Edwards Lifesciences logo
Edwards Lifesciences logo

"Edwards is proud to lead the innovation of heart valve therapies to address a broad range of patient needs around the world, and these compelling new data on more than 2,000 patients provide important clinical evidence on the benefits of new surgical treatments," said Bernard Zovighian, Edwards' corporate vice president, surgical heart valve therapy. "We are committed to expanding our surgical heart valve portfolio with meaningful innovations and by continuing to work in partnership with surgeons to meet the needs of patients who suffer from a variety of heart valve diseases."

COMMENCE Trial Data

Data from 673 patients in the COMMENCE pivotal trial demonstrated early safety and effectiveness of Edwards' surgical aortic valve featuring RESILIA tissue, a novel tissue platform.  Beyond delivering strong safety results, the new valve with RESILIA tissue showed no cases of structural valve deterioration, valve thrombosis or nonstructural valve dysfunction at one year.   

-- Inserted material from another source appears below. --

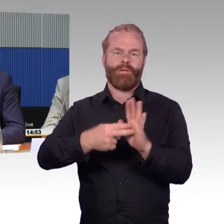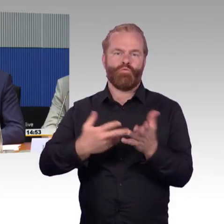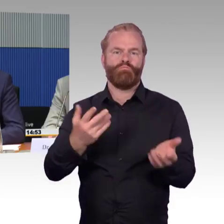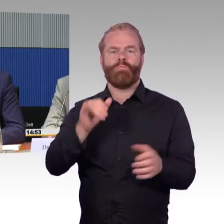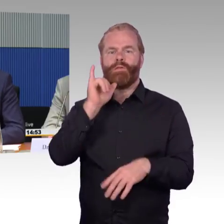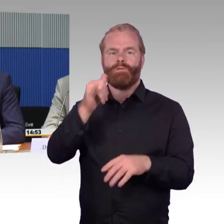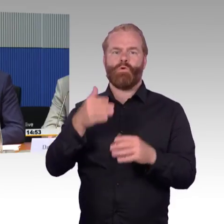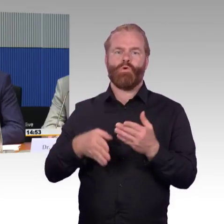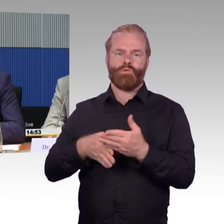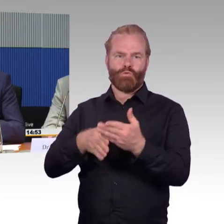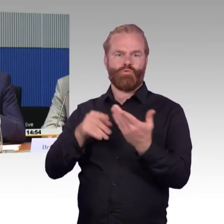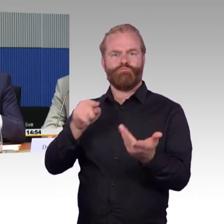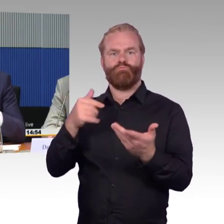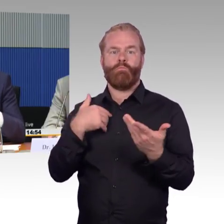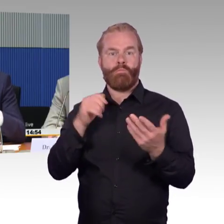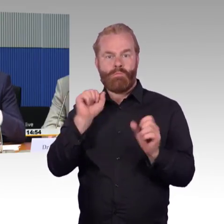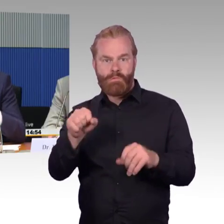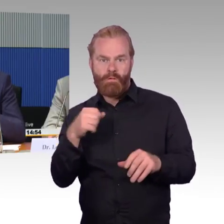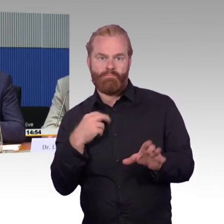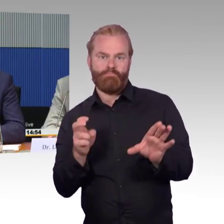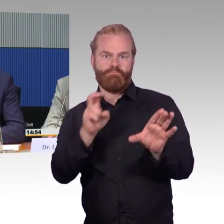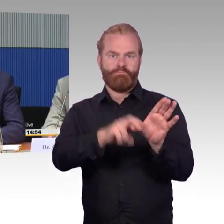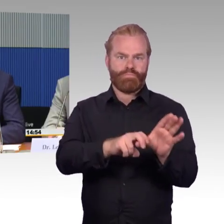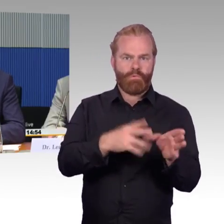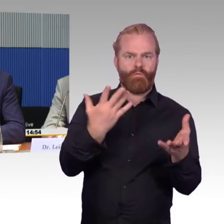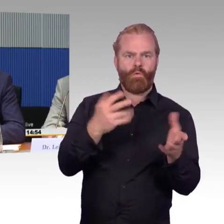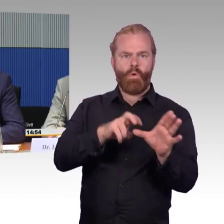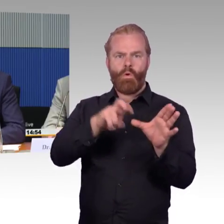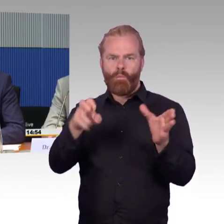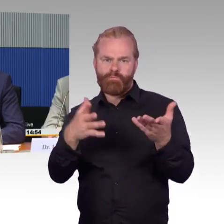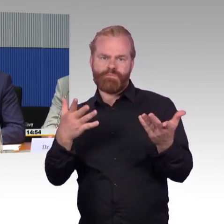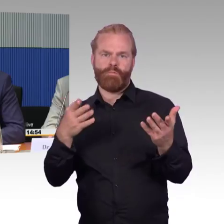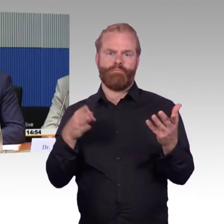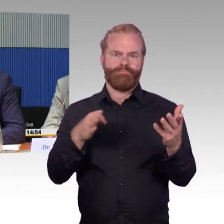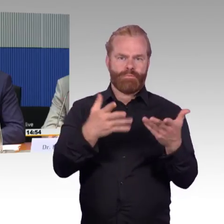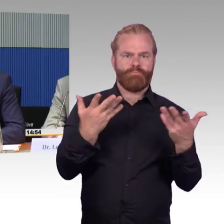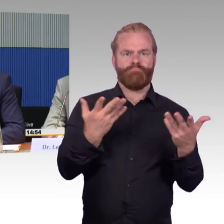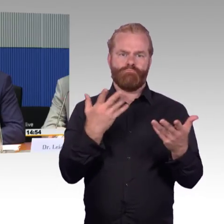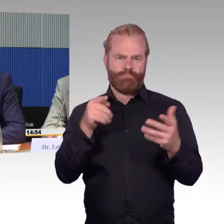bei dem man jetzt versucht Daten zusammenzufassen und zu standardisieren, das war auch Ihre Frage vorhin,

"The early clinical results with the new valve with RESILIA tissue in this multicenter, international FDA trial are encouraging and set a high benchmark for surgical aortic valve replacement," said John D. Puskas, M.D., chair of cardiothoracic surgery at Mount Sinai Beth Israel and director of surgical coronary revascularization at Mount Sinai Health System, New York, NY. He is the national principal investigator of the COMMENCE study. "The RESILIA tissue has the potential to create a new class of surgical tissue valves that pre-clinical studies have shown to offer key benefits, such as significantly reduced calcification and sustained hemodynamics."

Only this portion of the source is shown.